Clark a déclaré qu’elle “applaudit” les entreprises qui mettent en place des prestations d’aide à l’avortement pour les employés d’une manière qui “soutient leur vie privée médicale et les protège”. Mais elle reconnaît que les entreprises peuvent s’ouvrir aux tentatives des États de les poursuivre pénalement ou civilement, même si elles sont finalement en mesure de se défendre contre de telles actions.

Le procureur général du Texas, Ken Paxton, a déjà déclaré qu’il prévoyait de poursuivre les entreprises qui fournissent des fonds pour les soins d’avortement hors de l’État des employés.

“Si un État élabore spécifiquement une loi qui stipule que les régimes d’assurance ne peuvent pas financer les services d’avortement”, certains employeurs peuvent être liés par ces interdictions, a déclaré Clark. D’autres, en particulier les employeurs auto-assurés, peuvent être en mesure d’éviter la loi en raison de la préemption fédérale en vertu de l’ERISA, une loi fédérale qui protège les personnes couvertes par des régimes d’assurance privés.

Les plans de santé doivent également se conformer à la loi HIPAA (Health Insurance Portability and Accountability Act), qui protège la confidentialité des informations de santé des patients. Mais il existe des exceptions qui autorisent la divulgation lorsque la loi l’exige, par exemple par le biais d’une ordonnance d’un tribunal ou d’un système de déclaration obligatoire.

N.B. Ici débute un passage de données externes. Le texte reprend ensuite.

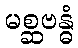
မစ္ဆဗန္ဓံ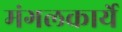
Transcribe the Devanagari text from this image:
मंगलकार्ये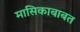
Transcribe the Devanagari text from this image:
मासिकाबाबत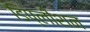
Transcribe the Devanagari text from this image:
डिप्लीशन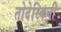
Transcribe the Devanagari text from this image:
तोदेस्किनी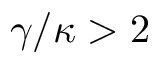
\gamma / \kappa > 2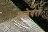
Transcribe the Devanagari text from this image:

Cependant, le département américain de la Santé et des Services sociaux a récemment mis à jour le langage sur HIPAA, déclarant que sa règle de confidentialité « soutient un tel accès en donnant aux individus l’assurance que leurs informations de santé protégées, y compris les informations relatives à l’avortement et à d’autres soins de santé sexuelle et reproductive, seront gardé privé.

De plus, Clark a souligné que le juge Brett Kavanaugh, dans son opinion concordante sur l’annulation de Roe v. Wade, a écrit : « Un État peut-il interdire à un résident de cet État de se rendre dans un autre État pour se faire avorter ? À mon avis, la réponse est non basée sur le droit constitutionnel de voyager entre les États. Clark a déclaré que cela pourrait constituer l’une des limites les plus fortes aux tentatives des États d’empêcher les femmes de se faire avorter en dehors de leurs propres frontières.

“Des tonnes de litiges sont sur le point de se produire où nous découvrirons quelles lois entreront en jeu et quelle protection elles offrent”, a déclaré Clark.

“La réalité est”, a ajouté Clark, “quelle que soit la force des défenses juridiques que les entreprises peuvent avoir, la menace de responsabilité, la menace d’accusations criminelles, a un effet dissuasif.”